The one thing that is not automatically accessible by this work is the earliest developmental process, in which a cavity opens up in the uniform ball of cells formed by the first cell divisions of the fertilized egg. This creates the first somewhat specialized populations of cells in the embryo (both the outside and a patch of cells in the cavity). The resulting structure is called a blastocyst.
For mice, we have been able to take a fertilized egg for years and grow it into a blastosis in culture. But this was not done with human cells. And to some extent still not. Instead, two different laboratories started with stem cells, either embryonic stem cells or stem cells caused by adult tissues. Unlike the mouse work, the embryo could get so far with the ingredients in the media in which the cells were cultured.
It opens the earliest stages of human development to study. Although the formation of the blastocyst is interesting, much more goes on in later stages of development. And here, ethical issues can probably be limited to how far we are willing to take human tissue in culture.
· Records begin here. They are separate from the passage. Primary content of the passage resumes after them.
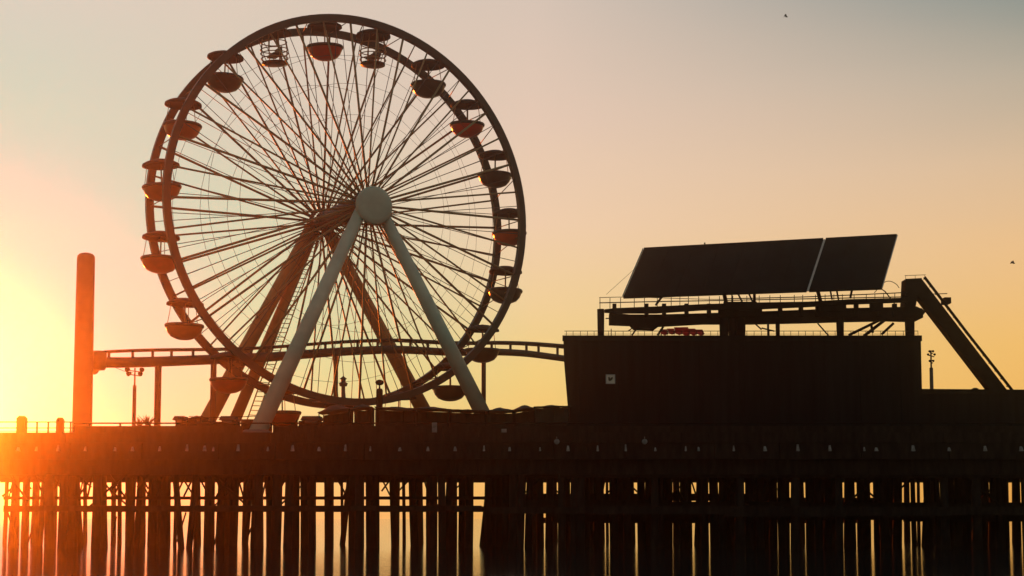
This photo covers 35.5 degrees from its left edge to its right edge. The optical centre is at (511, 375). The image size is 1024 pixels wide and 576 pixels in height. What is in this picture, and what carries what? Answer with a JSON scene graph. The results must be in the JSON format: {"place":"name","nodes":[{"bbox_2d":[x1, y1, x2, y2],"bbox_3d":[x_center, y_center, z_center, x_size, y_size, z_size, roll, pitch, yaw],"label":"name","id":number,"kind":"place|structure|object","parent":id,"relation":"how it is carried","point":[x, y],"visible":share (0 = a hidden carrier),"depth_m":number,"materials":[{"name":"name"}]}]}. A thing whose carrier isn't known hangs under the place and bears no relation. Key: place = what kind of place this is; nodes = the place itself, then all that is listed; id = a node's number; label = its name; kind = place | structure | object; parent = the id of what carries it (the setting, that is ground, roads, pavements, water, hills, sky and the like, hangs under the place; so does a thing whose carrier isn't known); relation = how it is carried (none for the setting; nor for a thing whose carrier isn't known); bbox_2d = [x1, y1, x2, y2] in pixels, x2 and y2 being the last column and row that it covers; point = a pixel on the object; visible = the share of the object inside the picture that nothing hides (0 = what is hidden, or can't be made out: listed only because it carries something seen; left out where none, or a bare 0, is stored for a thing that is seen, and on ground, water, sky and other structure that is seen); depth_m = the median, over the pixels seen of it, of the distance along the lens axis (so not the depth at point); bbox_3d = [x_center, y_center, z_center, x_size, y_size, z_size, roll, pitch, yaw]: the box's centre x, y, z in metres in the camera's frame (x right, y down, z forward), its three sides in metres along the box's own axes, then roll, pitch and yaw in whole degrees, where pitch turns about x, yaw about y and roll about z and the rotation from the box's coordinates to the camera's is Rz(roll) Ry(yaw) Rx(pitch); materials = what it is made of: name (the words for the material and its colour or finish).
{"place":"outdoors","nodes":[
{"label":"outdoors","id":0,"kind":"place"},
{"bbox_2d":[72,252,94,430],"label":"tower","id":1,"kind":"structure","parent":0,"point":[83,358],"depth_m":101.13,"materials":[{"name":"paint"}]},
{"bbox_2d":[187,419,197,425],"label":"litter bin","id":2,"kind":"object","parent":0,"point":[192,420],"visible":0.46,"depth_m":98.25,"materials":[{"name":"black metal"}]},
{"bbox_2d":[0,519,1023,575],"bbox_3d":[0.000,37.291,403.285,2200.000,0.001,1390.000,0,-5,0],"label":"water","id":3,"kind":"structure","parent":0,"point":[907,558],"depth_m":73.84,"materials":[{"name":"orange liquid"}]},
{"bbox_2d":[0,432,1023,548],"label":"pier","id":4,"kind":"structure","parent":3,"relation":"in","point":[966,501],"depth_m":96.63,"materials":[{"name":"brown wood"}]},
{"bbox_2d":[0,416,73,431],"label":"pier railing","id":5,"kind":"object","parent":4,"relation":"on","point":[21,422],"visible":1,"depth_m":96.53,"materials":[{"name":"orange metal"}]},
{"bbox_2d":[125,368,143,425],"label":"floodlight mast","id":6,"kind":"object","parent":4,"relation":"on","point":[140,373],"visible":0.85,"depth_m":104.69,"materials":[{"name":"metal"}]},
{"bbox_2d":[132,417,145,425],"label":"potted plant","id":7,"kind":"object","parent":4,"relation":"on","point":[138,419],"visible":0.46,"depth_m":99.13,"materials":[{"name":"green plant"}]},
{"bbox_2d":[138,414,154,425],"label":"potted plant","id":8,"kind":"object","parent":4,"relation":"on","point":[147,418],"visible":0.51,"depth_m":99.05,"materials":[{"name":"green plant"}]},
{"bbox_2d":[172,416,188,425],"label":"kiosk","id":9,"kind":"object","parent":4,"relation":"on","point":[180,419],"visible":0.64,"depth_m":99.71,"materials":[{"name":"wood"}]},
{"bbox_2d":[188,416,208,425],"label":"canvas stall","id":10,"kind":"object","parent":4,"relation":"on","point":[200,419],"visible":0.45,"depth_m":102.41,"materials":[{"name":"brown fabric"}]},
{"bbox_2d":[219,416,239,425],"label":"kiosk","id":11,"kind":"object","parent":4,"relation":"on","point":[228,418],"visible":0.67,"depth_m":99.51,"materials":[{"name":"wood"}]},
{"bbox_2d":[213,417,321,431],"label":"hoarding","id":12,"kind":"object","parent":4,"relation":"on","point":[246,426],"visible":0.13,"depth_m":105.33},
{"bbox_2d":[300,416,323,425],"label":"kiosk","id":13,"kind":"object","parent":4,"relation":"on","point":[311,418],"visible":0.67,"depth_m":100.31,"materials":[{"name":"wood"}]},
{"bbox_2d":[93,338,563,425],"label":"coaster track","id":14,"kind":"structure","parent":4,"relation":"on","point":[103,360],"depth_m":108.33,"materials":[{"name":"metal"}]},
{"bbox_2d":[145,14,525,431],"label":"ferris wheel","id":15,"kind":"object","parent":4,"relation":"on","point":[371,206],"visible":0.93,"depth_m":107.57,"materials":[{"name":"paint"}]},
{"bbox_2d":[140,231,179,273],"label":"gondola","id":16,"kind":"object","parent":15,"relation":"hanging from","point":[160,263],"visible":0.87,"depth_m":101.60,"materials":[{"name":"metal"}]},
{"bbox_2d":[142,158,181,201],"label":"gondola","id":17,"kind":"object","parent":15,"relation":"hanging from","point":[152,190],"visible":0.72,"depth_m":102.14,"materials":[{"name":"metal"}]},
{"bbox_2d":[163,97,201,140],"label":"gondola","id":18,"kind":"object","parent":15,"relation":"hanging from","point":[187,131],"visible":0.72,"depth_m":103.24,"materials":[{"name":"metal"}]},
{"bbox_2d":[164,298,203,339],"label":"gondola","id":19,"kind":"object","parent":15,"relation":"hanging from","point":[184,330],"visible":0.95,"depth_m":102.12,"materials":[{"name":"metal"}]},
{"bbox_2d":[189,416,254,417],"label":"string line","id":20,"kind":"object","parent":15,"relation":"attached to","point":[219,417],"visible":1,"depth_m":99.64,"materials":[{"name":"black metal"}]},
{"bbox_2d":[207,50,243,92],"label":"gondola","id":21,"kind":"object","parent":15,"relation":"hanging from","point":[232,82],"visible":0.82,"depth_m":104.90,"materials":[{"name":"metal"}]},
{"bbox_2d":[209,352,247,393],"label":"gondola","id":22,"kind":"object","parent":15,"relation":"hanging from","point":[228,385],"visible":0.94,"depth_m":103.31,"materials":[{"name":"metal"}]},
{"bbox_2d":[260,28,290,66],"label":"gondola","id":23,"kind":"object","parent":15,"relation":"hanging from","point":[278,36],"visible":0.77,"depth_m":107.19,"materials":[{"name":"metal"}]},
{"bbox_2d":[264,389,300,425],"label":"gondola","id":24,"kind":"object","parent":15,"relation":"hanging from","point":[282,415],"visible":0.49,"depth_m":104.84,"materials":[{"name":"metal"}]},
{"bbox_2d":[306,22,342,60],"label":"gondola","id":25,"kind":"object","parent":15,"relation":"hanging from","point":[318,49],"visible":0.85,"depth_m":108.79,"materials":[{"name":"metal"}]},
{"bbox_2d":[325,403,354,407],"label":"gondola","id":26,"kind":"object","parent":15,"relation":"hanging from","point":[328,405],"visible":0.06,"depth_m":107.33,"materials":[{"name":"metal"}]},
{"bbox_2d":[356,29,390,68],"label":"gondola","id":27,"kind":"object","parent":15,"relation":"hanging from","point":[368,35],"visible":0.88,"depth_m":110.82,"materials":[{"name":"metal"}]},
{"bbox_2d":[383,391,415,407],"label":"gondola","id":28,"kind":"object","parent":15,"relation":"hanging from","point":[397,392],"visible":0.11,"depth_m":109.54,"materials":[{"name":"metal"}]},
{"bbox_2d":[410,59,445,98],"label":"gondola","id":29,"kind":"object","parent":15,"relation":"hanging from","point":[423,91],"visible":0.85,"depth_m":112.51,"materials":[{"name":"metal"}]},
{"bbox_2d":[432,362,463,400],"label":"gondola","id":30,"kind":"object","parent":15,"relation":"hanging from","point":[449,392],"visible":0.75,"depth_m":111.25,"materials":[{"name":"metal"}]},
{"bbox_2d":[449,99,484,137],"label":"gondola","id":31,"kind":"object","parent":15,"relation":"hanging from","point":[474,129],"visible":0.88,"depth_m":113.83,"materials":[{"name":"metal"}]},
{"bbox_2d":[465,324,499,362],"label":"gondola","id":32,"kind":"object","parent":15,"relation":"hanging from","point":[486,354],"visible":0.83,"depth_m":112.96,"materials":[{"name":"metal"}]},
{"bbox_2d":[478,150,511,187],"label":"gondola","id":33,"kind":"object","parent":15,"relation":"hanging from","point":[495,176],"visible":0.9,"depth_m":114.61,"materials":[{"name":"metal"}]},
{"bbox_2d":[488,266,522,303],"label":"gondola","id":34,"kind":"object","parent":15,"relation":"hanging from","point":[500,291],"visible":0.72,"depth_m":114.30,"materials":[{"name":"metal"}]},
{"bbox_2d":[492,208,526,245],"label":"gondola","id":35,"kind":"object","parent":15,"relation":"hanging from","point":[506,237],"visible":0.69,"depth_m":114.67,"materials":[{"name":"metal"}]},
{"bbox_2d":[318,405,353,425],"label":"canvas stall","id":36,"kind":"object","parent":4,"relation":"on","point":[336,413],"visible":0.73,"depth_m":103.75,"materials":[{"name":"brown fabric"}]},
{"bbox_2d":[339,375,347,406],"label":"lantern post","id":37,"kind":"object","parent":4,"relation":"on","point":[342,383],"visible":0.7,"depth_m":106.01,"materials":[{"name":"metal"}]},
{"bbox_2d":[350,404,374,425],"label":"canvas stall","id":38,"kind":"object","parent":4,"relation":"on","point":[361,415],"visible":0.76,"depth_m":104.57,"materials":[{"name":"brown fabric"}]},
{"bbox_2d":[375,380,383,425],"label":"globe lamp","id":39,"kind":"object","parent":4,"relation":"on","point":[379,396],"visible":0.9,"depth_m":105.61,"materials":[{"name":"black metal"}]},
{"bbox_2d":[374,406,417,425],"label":"canvas stall","id":40,"kind":"object","parent":4,"relation":"on","point":[393,414],"visible":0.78,"depth_m":103.58,"materials":[{"name":"brown fabric"}]},
{"bbox_2d":[403,407,451,425],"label":"canvas stall","id":41,"kind":"object","parent":4,"relation":"on","point":[431,414],"visible":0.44,"depth_m":105.79,"materials":[{"name":"black fabric"}]},
{"bbox_2d":[432,422,436,431],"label":"notice board","id":42,"kind":"object","parent":4,"relation":"on","point":[434,426],"visible":1,"depth_m":96.49,"materials":[{"name":"black metal"}]},
{"bbox_2d":[448,409,487,425],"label":"canvas stall","id":43,"kind":"object","parent":4,"relation":"on","point":[464,415],"visible":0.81,"depth_m":104.17,"materials":[{"name":"black fabric"}]},
{"bbox_2d":[486,407,515,425],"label":"canvas stall","id":44,"kind":"object","parent":4,"relation":"on","point":[497,415],"visible":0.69,"depth_m":104.97,"materials":[{"name":"black fabric"}]},
{"bbox_2d":[513,405,533,425],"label":"canvas stall","id":45,"kind":"object","parent":4,"relation":"on","point":[525,413],"visible":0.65,"depth_m":105.58,"materials":[{"name":"black fabric"}]},
{"bbox_2d":[73,422,1023,432],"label":"parapet","id":46,"kind":"structure","parent":4,"relation":"on","point":[567,428],"depth_m":96.55,"materials":[{"name":"black metal"}]},
{"bbox_2d":[533,405,569,425],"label":"canvas stall","id":47,"kind":"object","parent":4,"relation":"on","point":[551,413],"visible":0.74,"depth_m":102.90,"materials":[{"name":"black fabric"}]},
{"bbox_2d":[562,331,922,425],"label":"dark building","id":48,"kind":"structure","parent":4,"relation":"on","point":[768,378],"depth_m":103.37,"materials":[{"name":"paint"}]},
{"bbox_2d":[606,374,614,383],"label":"wall sign","id":49,"kind":"object","parent":48,"relation":"attached to","point":[610,378],"visible":1,"depth_m":103.22,"materials":[{"name":"metal"}]},
{"bbox_2d":[661,327,703,334],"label":"roller coaster train","id":50,"kind":"object","parent":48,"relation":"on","point":[681,330],"visible":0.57,"depth_m":110.46,"materials":[{"name":"metal"}]},
{"bbox_2d":[597,292,922,334],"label":"rooftop track","id":51,"kind":"structure","parent":48,"relation":"on","point":[736,318],"depth_m":109.35,"materials":[{"name":"black metal"}]},
{"bbox_2d":[622,234,897,305],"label":"panel board","id":52,"kind":"object","parent":51,"relation":"on","point":[851,264],"visible":1,"depth_m":110.08,"materials":[{"name":"black metal"}]},
{"bbox_2d":[874,281,898,303],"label":"cable loop","id":53,"kind":"object","parent":51,"relation":"on","point":[885,291],"visible":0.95,"depth_m":107.44,"materials":[{"name":"black metal"}]},
{"bbox_2d":[922,388,1023,425],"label":"wing","id":54,"kind":"structure","parent":4,"relation":"on","point":[973,405],"depth_m":105.21,"materials":[{"name":"black"}]},
{"bbox_2d":[927,350,935,388],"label":"floodlight mast","id":55,"kind":"object","parent":54,"relation":"on","point":[931,361],"visible":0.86,"depth_m":106.34,"materials":[{"name":"metal"}]},
{"bbox_2d":[900,275,1012,388],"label":"lift hill","id":56,"kind":"structure","parent":54,"relation":"on","point":[918,290],"depth_m":109.67,"materials":[{"name":"black metal"}]},
{"bbox_2d":[0,0,1023,518],"label":"sky","id":57,"kind":"structure","parent":0,"point":[629,126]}
]}

The interesting thing here is that we can already make mouse embryos develop into blastocysts, and now we can take blastocysts well on their way through development. So it seems likely that we can probably connect the two processes with a bit of work. That would be enough to get from conception to about two-thirds of the way to birth. It’s pretty impressive.
But at this stage the embryo becomes very three-dimensional, and around all the cells that are supplied with oxygen and nutrients really need a functional blood supply, which is plugged into a source for all the embryos. And it is not clear how we can replace the placenta, which offers a very extensive and specialized interaction between the fetal and maternal bloodstream. In practical terms, however, these results mean that a whole range of experiments is now possible in mice – provided you are willing to bleed enough rats.
Nature, 2021. DOI: 10.1038 / s41586-021-03416-3, 10.1038 / s41586-021-03372-y, 10.1038 / s41586-021-03356-y (About DOIs).